Dorji is the first elected female President of the Bhutan Association of Architects and the first female Chair of SAARCH  (South Asian Association for Regional Cooperation of Architects). Dorji is currently one of the only actively practicing female Bhutanese Principal Architects leading a private firm in Bhutan

Since graduating in 1996, she was appointed as the first local architect in Bhutan to work on the conservation of heritage sites in Bhutan. As the pioneering Head of the office for Conservation of Heritage Sites at the Ministry for the Home and Cultural Affairs, for over 15 years, Dorji not only helped establish the first office for the conservation of heritage sites, she also drafted the first Bhutan Guidelines for the conservation of heritage sites in Bhutan and initiated the first training workshops in this field. One of her key initiatives was also the incorporation of traditional local architectural concepts and craftsmanship into new architecture and construction in Bhutan.
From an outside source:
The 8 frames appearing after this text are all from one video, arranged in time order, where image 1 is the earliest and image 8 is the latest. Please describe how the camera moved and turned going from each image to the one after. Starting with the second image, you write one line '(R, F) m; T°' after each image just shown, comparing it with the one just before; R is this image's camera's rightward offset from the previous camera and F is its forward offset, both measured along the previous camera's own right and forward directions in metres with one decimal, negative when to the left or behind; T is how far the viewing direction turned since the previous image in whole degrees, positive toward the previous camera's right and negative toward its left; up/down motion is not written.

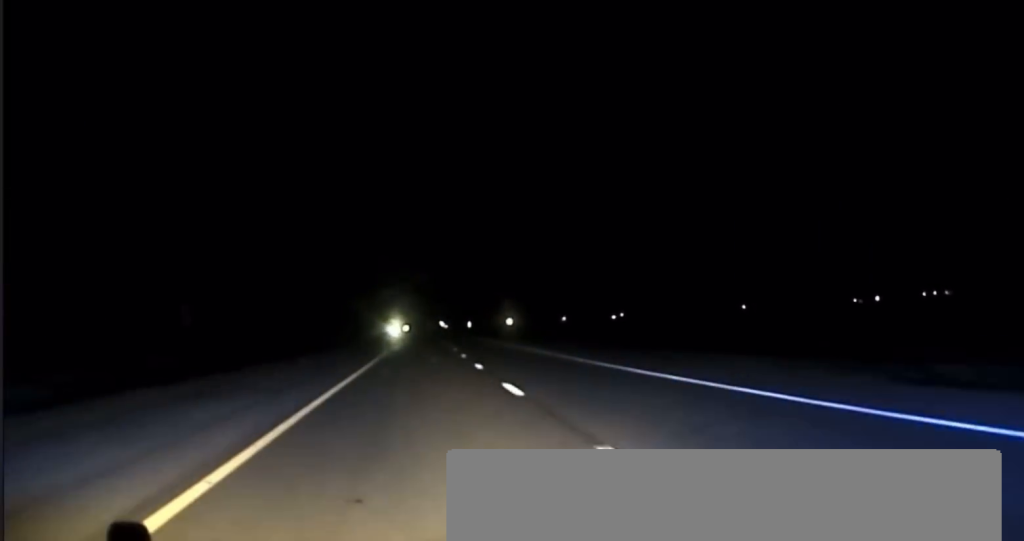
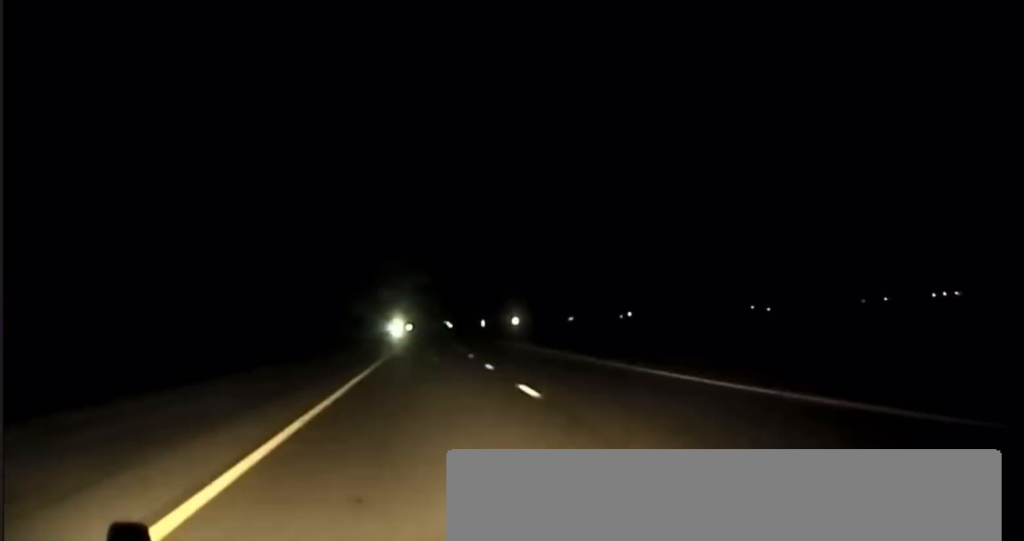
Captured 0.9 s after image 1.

At the office she worked not only as Principal Architect but also as the project coordinator/Director in numerous projects. Some of the projects include the restoration of the famous monastery [Paro Taktsang] (Tiger's Nest) in Bhutan after the fire of 1998, the establishment of the first Folk Heritage Museum, the renovation of the Thimphu Memorial Chorten, the Dechenphug monastery, the Trongsa Dzong fortress and the Simtokha Dzong fortress among many others.

Some of her key new architectural design works include the design of the National Archives of Bhutan (which was the first climate controlled building in Bhutan), the Office /gallery building of the National Museum, the offices of the Royal Academy of Performing Arts, the Chukha Dzong redesign, the Pangrizampa School of Astrology, the Ugyen Pema Woedling Zangdol Palri temple at Paro, the Smithsonion Folk life Bhutanese temple, and the new Guru Rimpoche Temple at Dechenphug monastery. She also helped curate and design the first exhibitions on Bhutanese culture held outside of Bhutan in the National Museums in Delhi and Kolkata.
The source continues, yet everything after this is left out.